Test Duration (ms) Approx RPS
SmokeTests.chucklesCandyTest 1876 0.53
SmokeTests.restaurantTest 961 1.04
SmokeTests.addressTest 659 1.52
SmokeTests.staffTest 1481 0.68
SmokeTests.weatherTest 2327 0.43
SmokeTests.cityRagTest 2323 0.43
SmokeTests.chatMemoryTest 672 1.49

Why this matters:

  • Fastest or near-fastest p50 across most conversational paths
  • Zero language leakage (no English responses when operating in Swedish or other locales)
  • Extremely consistent behavior under IVR load
  • Best balance of latency, determinism, and multilingual safety

OPENAI – GPT-5 Nano

Provider / Model: OPENAI / gpt-5-nano

Test Duration (ms) Approx RPS
SmokeTests.chucklesCandyTest 2190 0.46
SmokeTests.restaurantTest 1154 0.87
SmokeTests.addressTest 825 1.21
SmokeTests.staffTest 1517 0.66
SmokeTests.weatherTest 2130 0.47
SmokeTests.cityRagTest 1737 0.58
SmokeTests.chatMemoryTest 766 1.31

Notes:
Solid successor to 4.1-nano, but not materially faster for IVR-style workloads.


OPENAI – GPT-4.1 Nano (Historical Baseline)

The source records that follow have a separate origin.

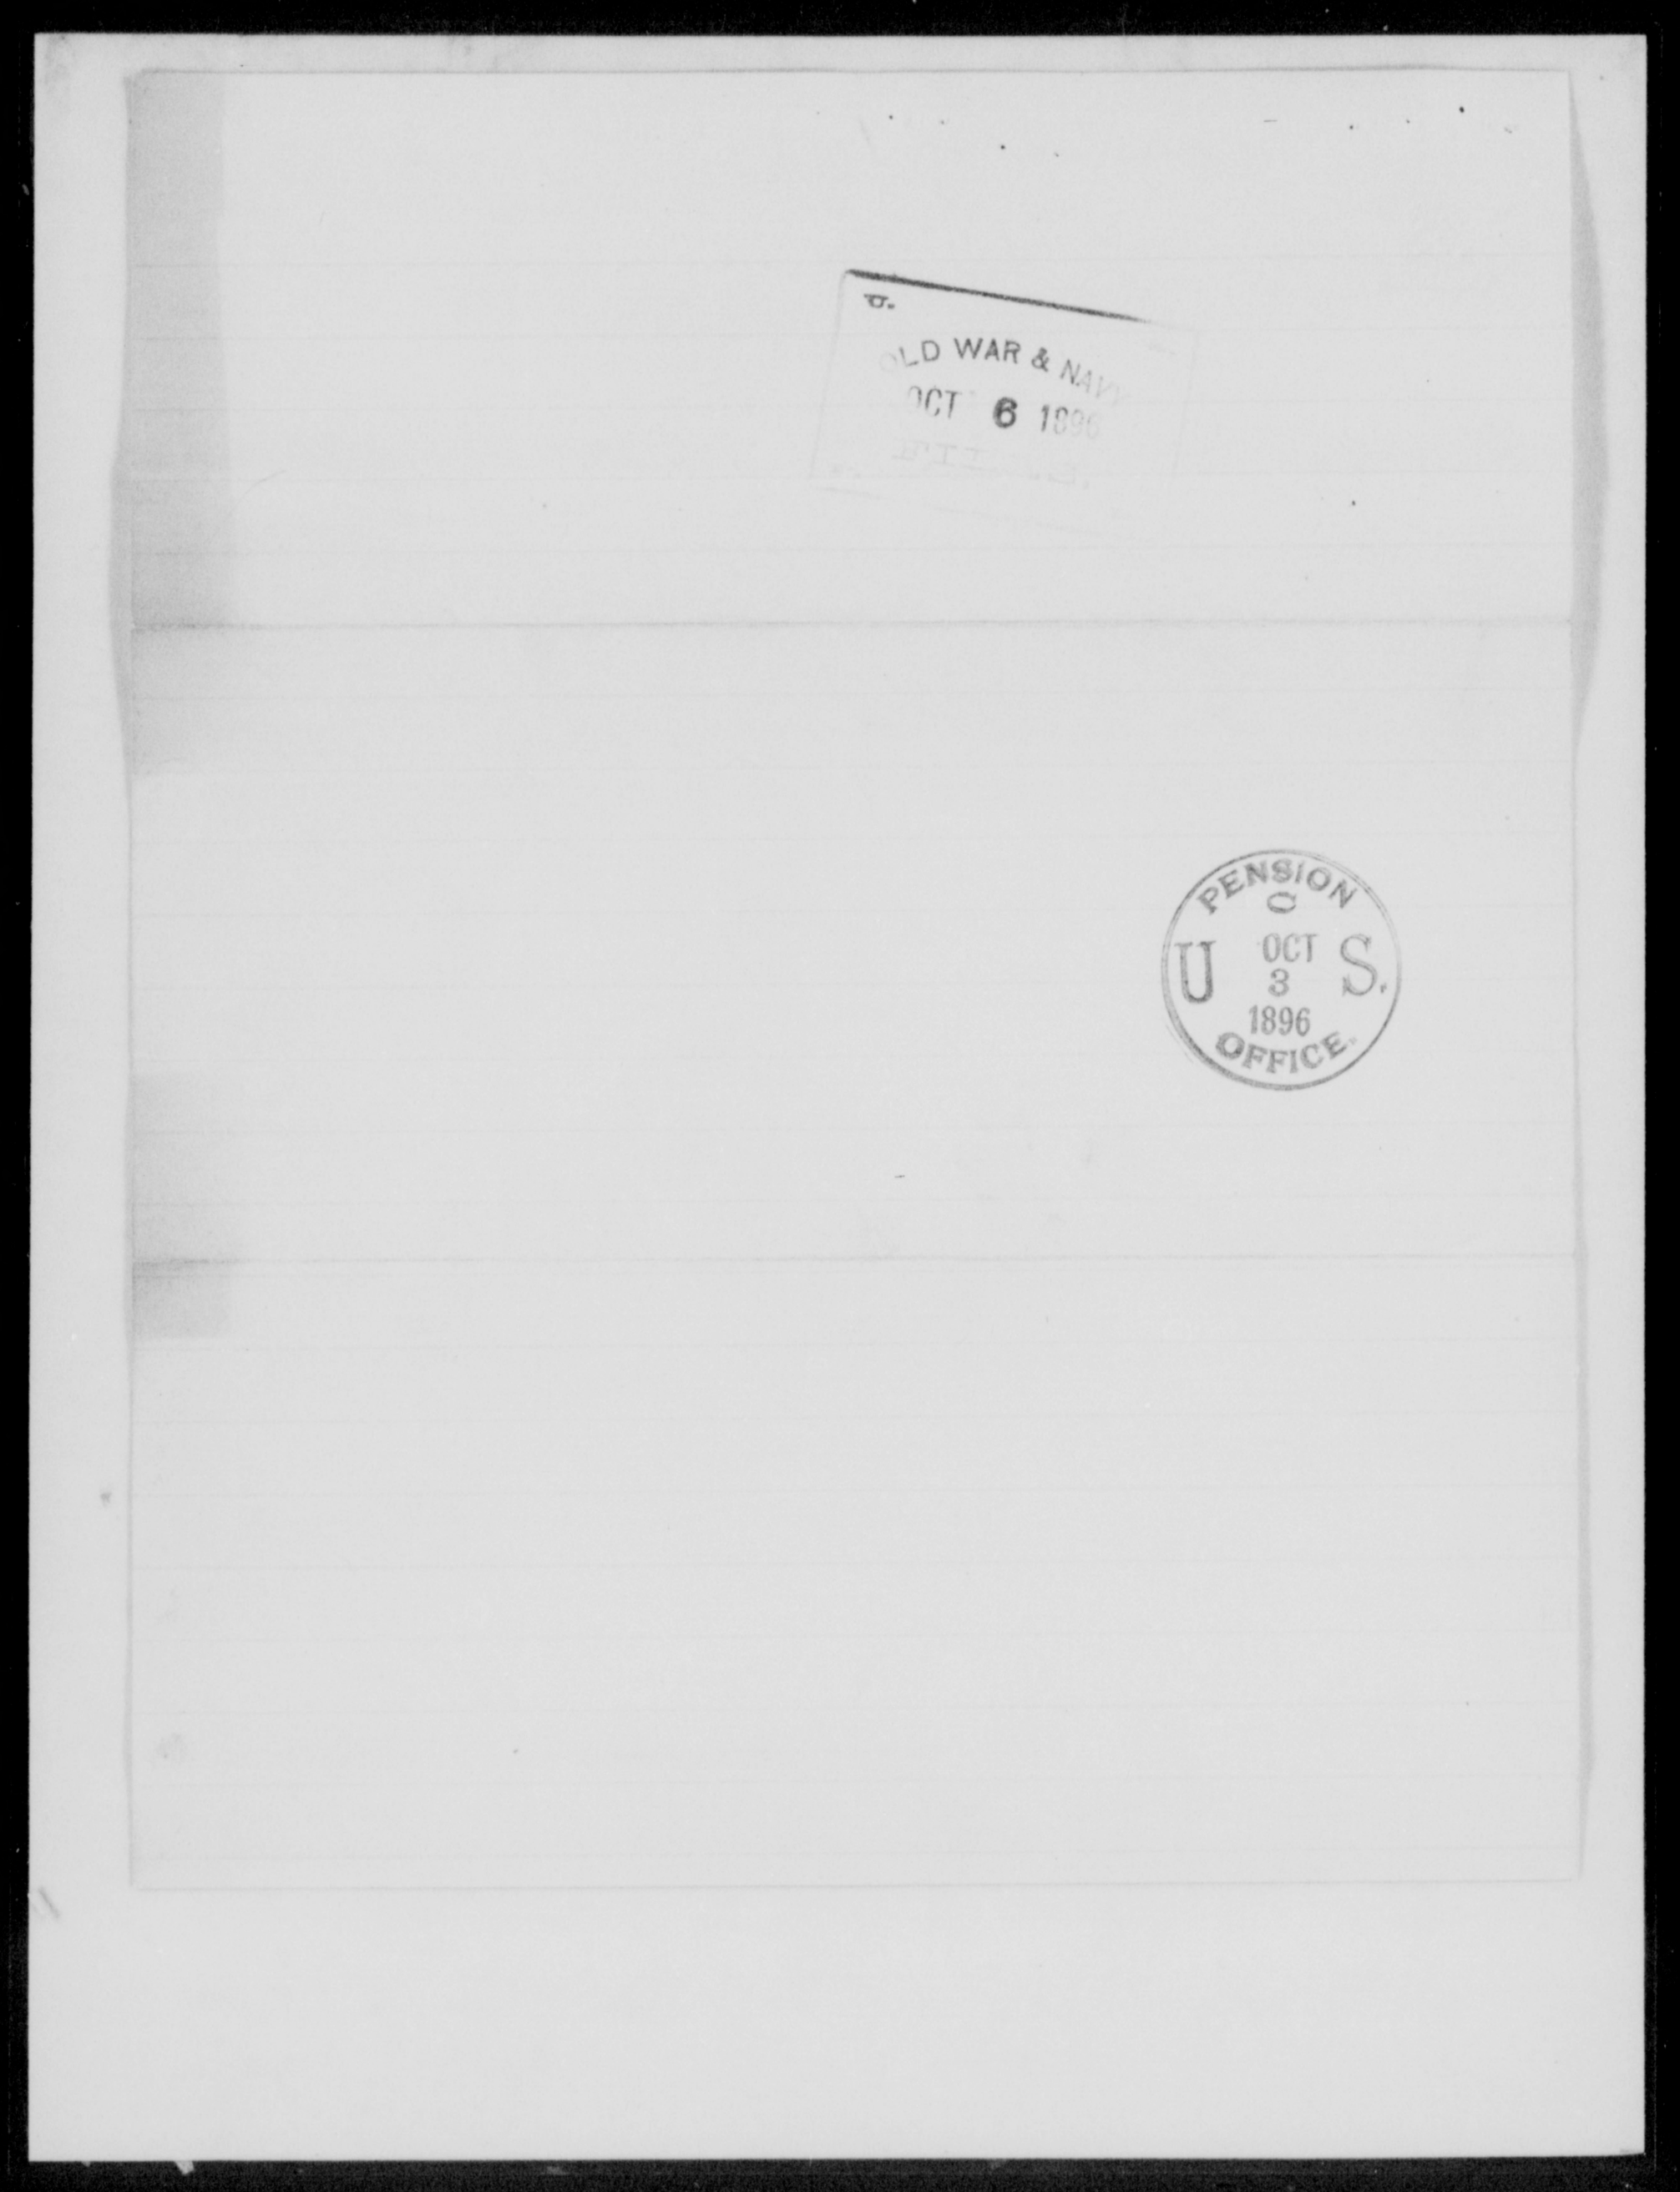[ two stamps]

Old War & Navy
 Oct 6 1896

U. S. Pension Office.
  Oct 3 1896

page: 26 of 34
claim: widow's
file: W. 1677, Isaac Washburn, Mass.

Provider / Model: OPENAI / gpt-4.1-nano

Test Duration (ms) Approx RPS
SmokeTests.chucklesCandyTest 2146 0.47
SmokeTests.restaurantTest 1011 0.99
SmokeTests.addressTest 817 1.22
SmokeTests.staffTest 1686 0.59
SmokeTests.weatherTest 2194 0.46
SmokeTests.cityRagTest 1646 0.61
SmokeTests.chatMemoryTest 878 1.14

Notes:

  • This model carried the project for a long time and remains an excellent reference point.
  • However, it showed occasional multilingual missteps under real-world conversational pressure.

Key Takeaways

  • All tested models meet low-latency IVR requirements
    Most conversational paths consistently complete in ~700–2200 ms, well within acceptable limits for voice interactions.

  • Nova 2 Lite stands out for consistency, not just speed
    While raw timings are comparable across providers, behavioral correctness (especially language fidelity) is where Nova 2 Lite clearly wins.

  • 4.1-nano and Meta models failed edge-case language tests
    Emitting English responses in non-English sessions is unacceptable for production IVR, regardless of latency.

  • Bedrock provides tighter p50 stability
    Especially important for voice systems where perceived responsiveness matters more than peak throughput.


Conclusion

The move from gpt-4.1-nano to Amazon Bedrock Nova 2 Lite was not driven by hype or vendor preference—it was driven by measured performance, consistency, and real IVR correctness. The numbers show that all models are fast enough; the behavior shows that Nova 2 Lite is the safest and most reliable choice today.

This system is designed to remain provider-agnostic, and continued benchmarking is part of the roadmap—but for now, the data backs the decision.